Of all the FCS teams scheduled to play FBS opponents in 2017, the James Madison Dukes are the most likely team to leave an FBS opponent with egg on its face.
James Madison found its stride at the end of last season, crushing one opponent after another in the playoffs. The Dukes’ closest game during the run was in their 27-17 win over the North Dakota State Bison, a team that had won five straight national championships. In that game, James Madison led the whole way thanks to a strong defensive effort and the play of running back Khalid Abdullah. He ran for 187 yards and broke NDSU’s back with a 55-yard scamper that set up a late touchdown to seal the deal.
If you want to see James Madison at its absolute best, look at the stat lines from its game against No. 5 Sam Houston State in the Quarterfinals. The Dukes led 65-0 with three minutes left to play and embarrassed Walton Payton Award winner Jeremiah Briscoe. The quarterback had thrown for over 4,400 yards and 57 touchdowns coming into that game, but he went 13-of-44 for 143 yards and two interceptions in a laugher.
The Dukes don’t have Abdullah any more, but they will have a trio of very good running backs. Cardon Johnson and Trai Sharp each carried the ball often last season, with Johnson averaging 6.2 yards per carry and Sharp averaging 5.6 yards per rush. Johnson has spent the offseason rehabbing a torn Achilles’ suffered near the end of the regular season, but he has been participating in practice.
As good as those two were, neither of them may end up being the starter. Marcus Marshall decided to transfer from Georgia Tech after a fallout with the coaching staff at the end of 2016 and should make an immediate impact. He was second on the Yellow Jackets in rushing last year and could have a huge year at the FCS level.
All of that is bad news for an East Carolina run defense that was pretty bad in 2016. After being one of the better run-stopping teams in the country from 2013-2015, the Pirates allowed 5.4 yards per carry last season.
ECU may have to tweak its 4-2-5 scheme in order to stop the run. The Pirates lost three of their top four leading tacklers from last season and are extremely undersized at defensive end. James Madison has some hogs on the offensive line and will open up holes all day long if ECU leaves just six in the box.
The defensive line might not be able to get to reigning Colonial Offensive Player of the Year Bryan Schor either. Schor isn’t asked to throw the ball much in James Madison’s offense, but he is very effective when he does. He passed just 21 times per game last year but averaged over 10 yards per attempt.
ECU’s defensive line couldn’t get to quarterbacks at all last year.

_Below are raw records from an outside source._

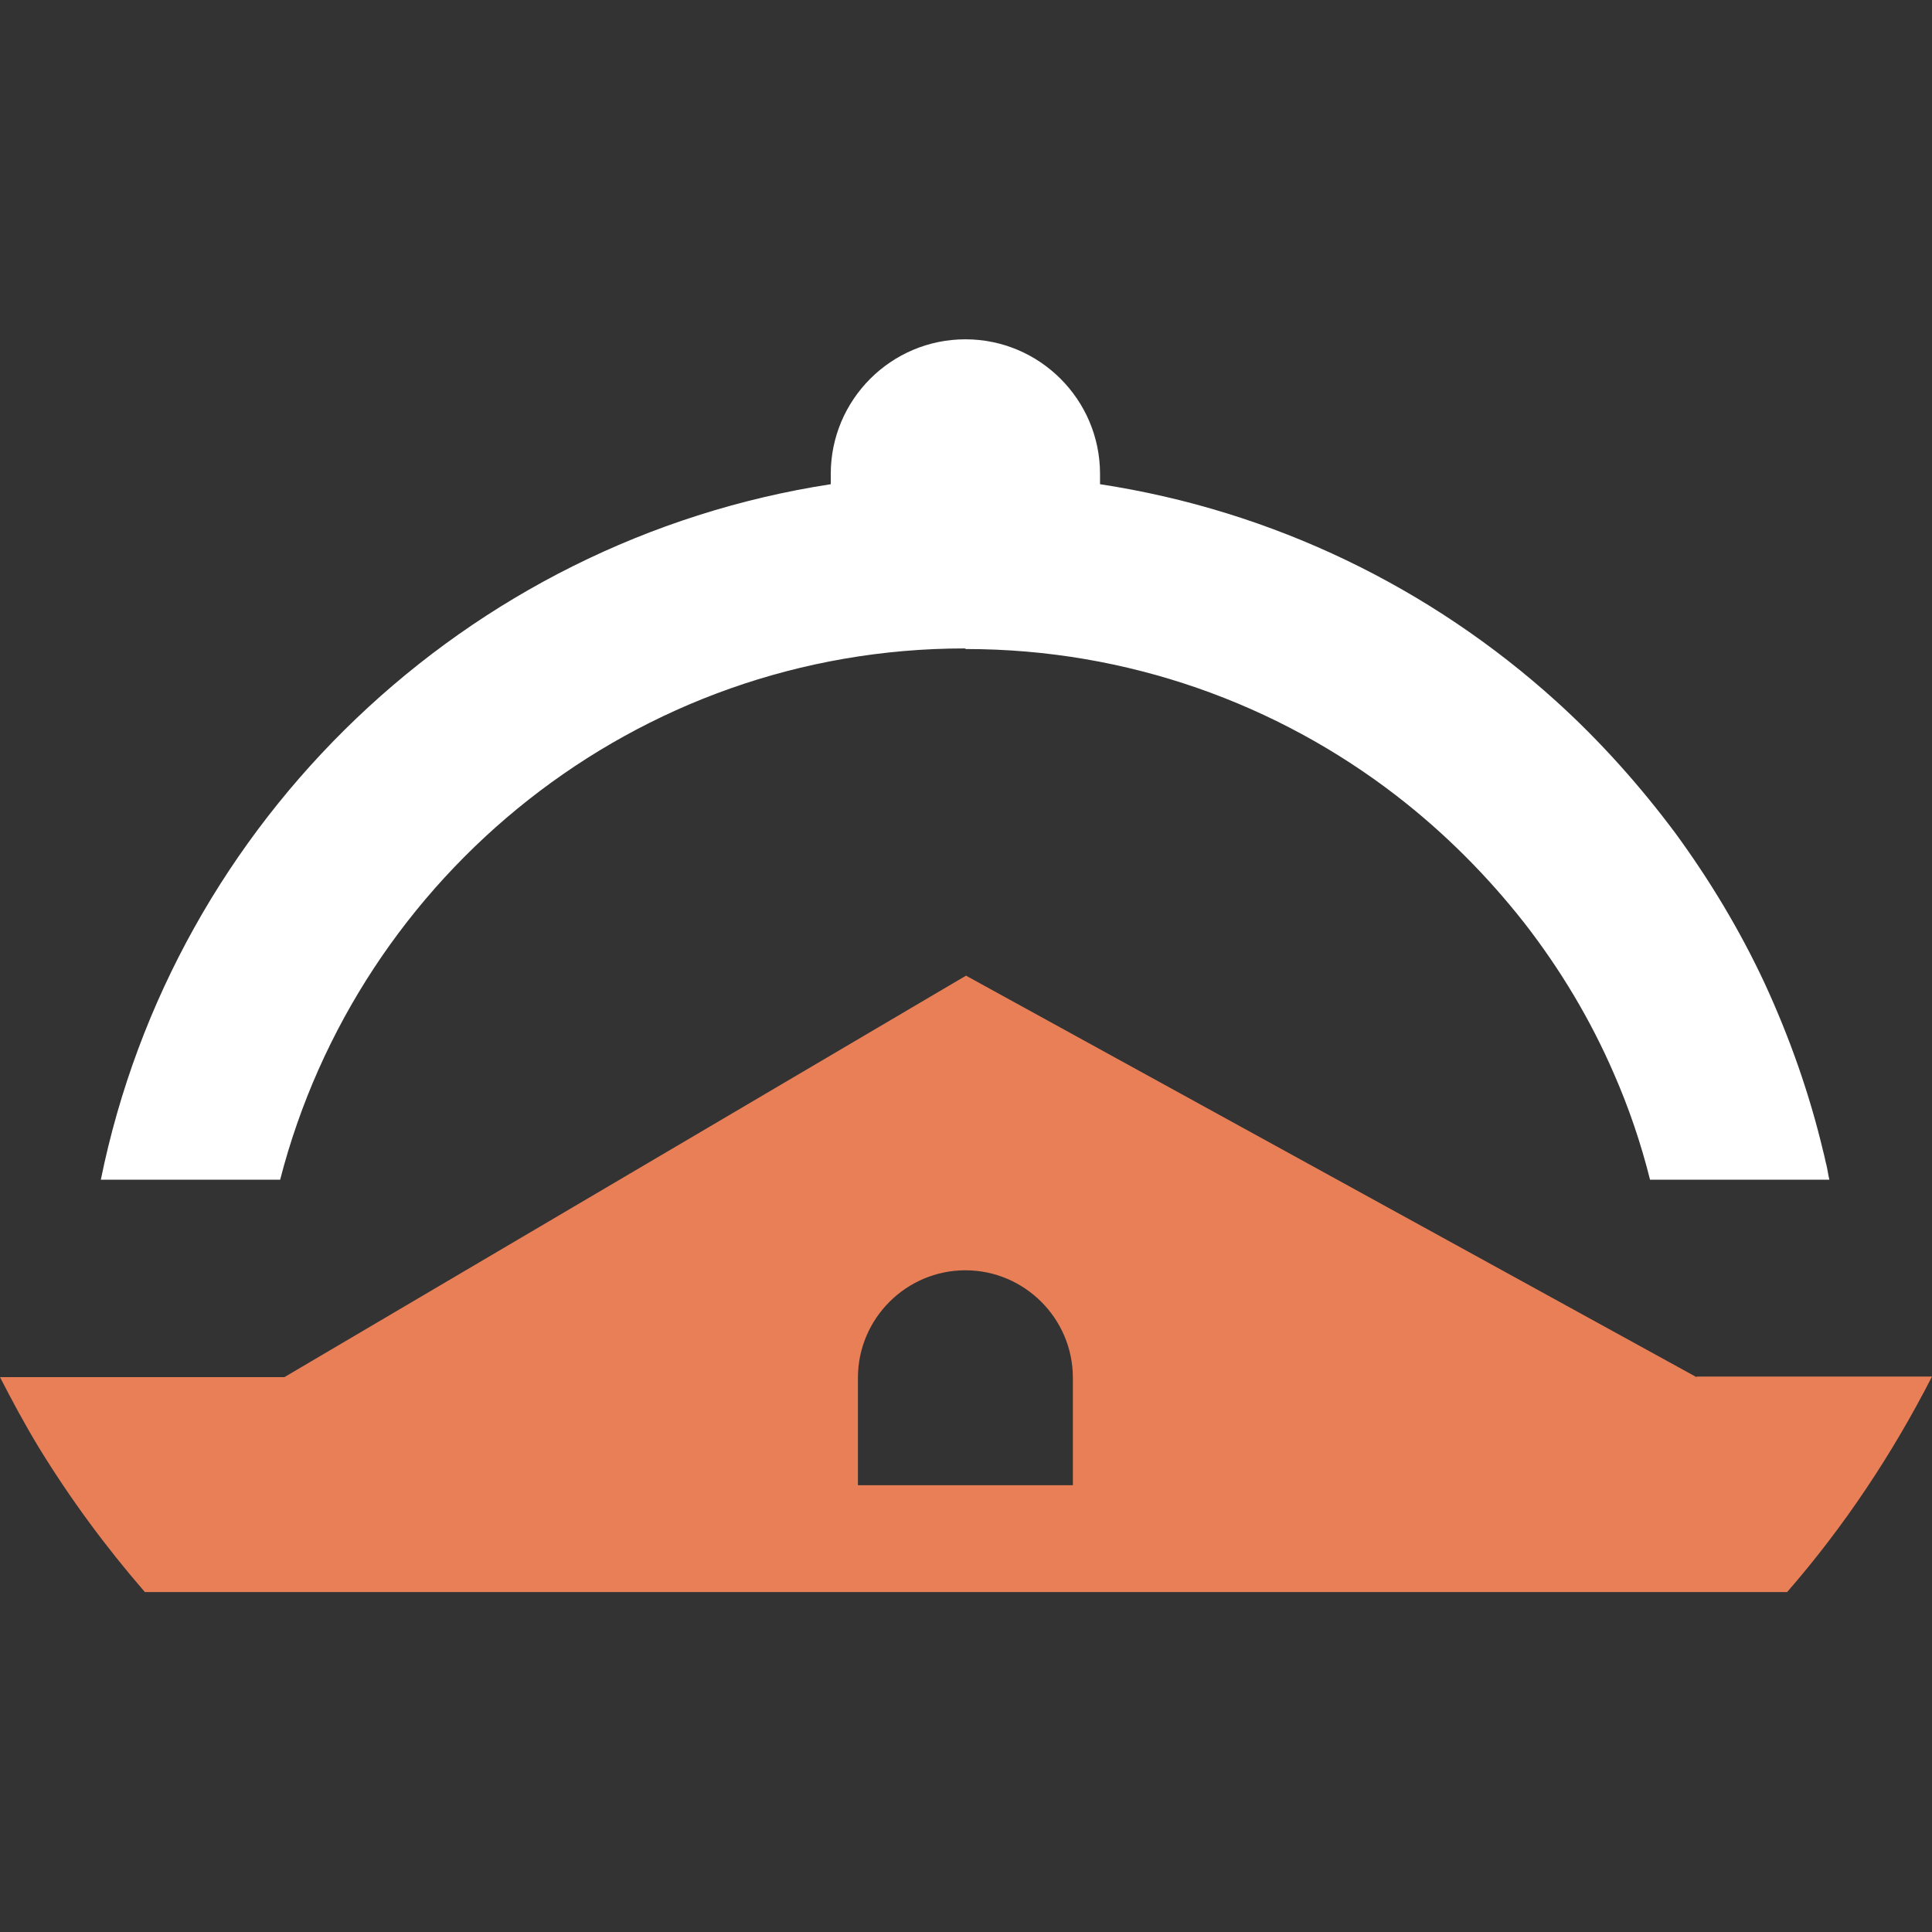 <svg viewBox="0 0 32 32" xmlns="http://www.w3.org/2000/svg" data-name="Layer 1" id="Layer_1">
  <rect x="0" y="0" width="32" height="32" fill="#333333" stroke="none"/>
  <defs>
    <style>
      .cls-1 {
        fill: #fff;
      }

      .cls-2 {
        fill: #e97f57;
      }
    </style>
  </defs>
  <path d="M28.1,22.81l-12.1-6.65-11.29,6.65H0c.2.39.41.78.64,1.16.52.85,1.11,1.65,1.76,2.4h27.2c.94-1.08,1.74-2.28,2.4-3.57h-3.9ZM17.78,24.6h-3.57v-1.78c0-.98.8-1.78,1.78-1.78s1.78.8,1.78,1.78v1.78Z" class="cls-2"></path>
  <path d="M16,10.75c2.68,0,5.16.91,7.13,2.43.79.61,1.5,1.32,2.12,2.11.59.76,1.09,1.59,1.48,2.49h0s0,0,0,0c.25.57.45,1.16.6,1.76h2.97c-.02-.08-.03-.17-.05-.25-.02-.07-.03-.14-.05-.21-.23-.97-.56-1.9-.97-2.79h0s0,0,0,0c-.41-.88-.91-1.71-1.48-2.49-.59-.79-1.25-1.53-1.98-2.19-2.07-1.87-4.67-3.15-7.55-3.59,0-.06,0-.11,0-.17,0-1.23-1-2.23-2.23-2.23s-2.23,1-2.23,2.23c0,.06,0,.12,0,.17-6.04.93-10.88,5.57-12.09,11.52h2.97c1.3-5.05,5.89-8.8,11.34-8.8Z" class="cls-1"></path>
</svg>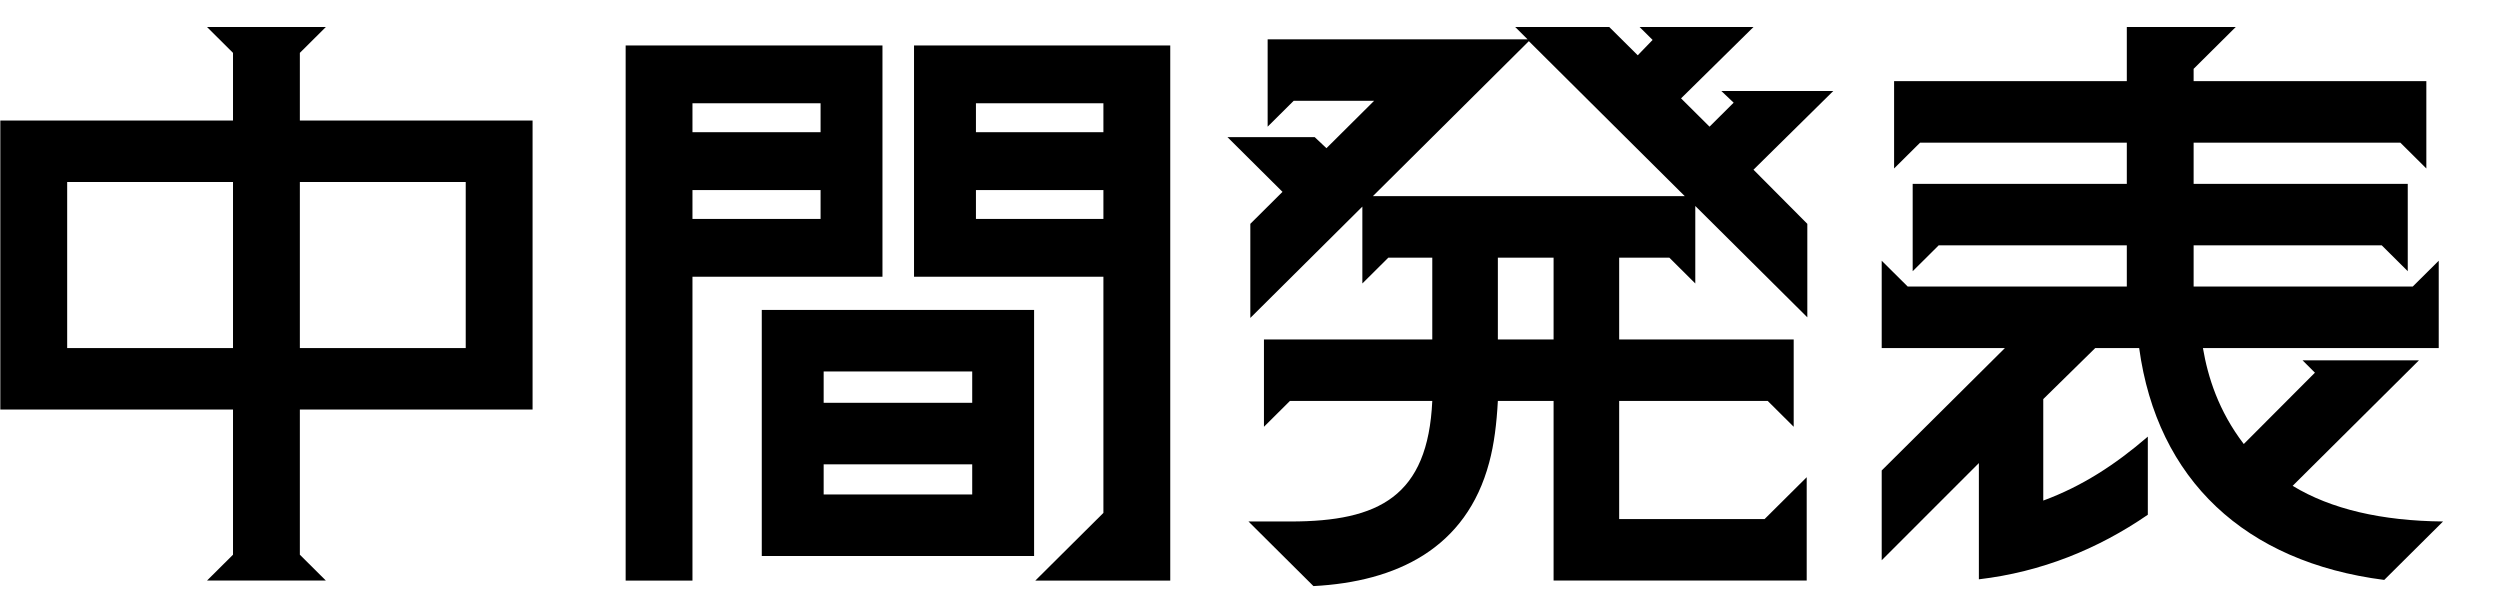 <svg width="69" height="17" viewBox="0 0 69 17" fill="none" xmlns="http://www.w3.org/2000/svg">
<path d="M6.431 15.31V11.304H0.009V3.326H6.431V1.459L5.714 0.746H8.993L8.276 1.459V3.326H14.699V11.304H8.276V15.31L8.993 16.023H5.714L6.431 15.31ZM6.431 9.607V5.023H1.854V9.607H6.431ZM12.854 9.607V5.023H8.276V9.607H12.854Z" fill="black"/>
<path d="M17.268 1.255H24.356V7.638H19.112V16.024H17.268V1.255ZM22.648 3.649V2.851H19.112V3.649H22.648ZM22.648 6.042V5.245H19.112V6.042H22.648ZM21.025 8.555H28.541V15.345H21.025V8.555ZM26.833 11.118V10.252H22.733V11.118H26.833ZM26.833 13.647V12.815H22.733V13.647H26.833ZM30.454 14.156V7.638H25.227V1.255H32.299V16.024H28.575L30.454 14.156ZM30.454 3.649V2.851H26.936V3.649H30.454ZM30.454 6.042V5.245H26.936V6.042H30.454Z" fill="black"/>
<path d="M34.458 14.393H35.619C38.062 14.393 39.411 13.698 39.531 11.066H35.602L34.885 11.779V9.369H39.531V7.111H38.318L37.601 7.824V5.702L34.509 8.775V6.178L35.397 5.295L33.877 3.784H36.285L36.61 4.09L37.925 2.783H35.705L34.987 3.496V1.085H42.161L41.82 0.746H44.416L45.202 1.526L45.612 1.102L45.253 0.746H48.396L46.397 2.715L47.183 3.496L47.849 2.834L47.508 2.511H50.599L48.396 4.684L49.882 6.178V8.758L46.79 5.685V7.824L46.073 7.111H44.689V9.369H49.506V11.779L48.789 11.066H44.689V14.326H48.703L49.865 13.171V16.023H42.879V11.066H41.341C41.307 11.694 41.239 12.255 41.102 12.764C40.47 15.14 38.54 16.057 36.251 16.176L34.458 14.393ZM46.5 5.414L42.196 1.136L37.891 5.414H46.5ZM42.879 9.369V7.111H41.341V9.369H42.879Z" fill="black"/>
<path d="M59.041 9.607H57.828L56.394 11.015V13.816C57.453 13.426 58.375 12.832 59.28 12.051V14.207C57.897 15.157 56.343 15.786 54.617 15.989V12.781L51.935 15.463V12.985L55.335 9.607H51.935V7.196L52.653 7.909H58.7V6.772H53.507L52.79 7.485V5.074H58.7V3.937H52.995L52.277 4.65V2.239H58.7V0.746H61.706L60.544 1.9V2.239H66.967V4.65L66.249 3.937H60.544V5.074H66.454V7.485L65.737 6.772H60.544V7.909H66.591L67.309 7.196V9.607H60.801C60.937 10.404 61.228 11.338 61.928 12.255L63.892 10.286L63.551 9.946H66.762L63.277 13.409C64.336 14.054 65.737 14.377 67.428 14.393L65.805 16.006C61.962 15.514 59.537 13.239 59.041 9.607Z" fill="black"/>
</svg>

The Pirates tallied just eight sacks despite having those undersized ends that are supposed to be able to get to the quarterback. The secondary wasn’t able to force turnovers either, intercepting just five passes.
James Madison’s strengths match up well against what East Carolina wants to do on offense. Head coach Scottie Montgomery wants the Pirates to throw the ball all over the field, and James Madison is more than happy to let them try after what they did to Briscoe.
Jordan Brown and Raven Greene form the best safety tandem at the FCS level and will make life difficult for East Carolina’s passing attack. Greene received an extra year of eligibility from the NCAA, and having him and Brown patrolling the secondary is huge.
The ECU receiving corps is a big question mark with Zay Jones gone. Jones graduated as the all-time leading receiver in FBS history, and without his ability to consistently get open, East Carolina’s passing game may really struggle—especially early in the season.
Expect the spread for this game to be around a Pick ‘Em. James Madison showed it can hang with the big boys last season against North Carolina. The Dukes had three 70-yard-plus touchdown drives in the first quarter and held a lead for a while before eventually succumbing to the Tar Heels. East Carolina isn’t nearly as good as that North Carolina team, so the Dukes might win this by double digits.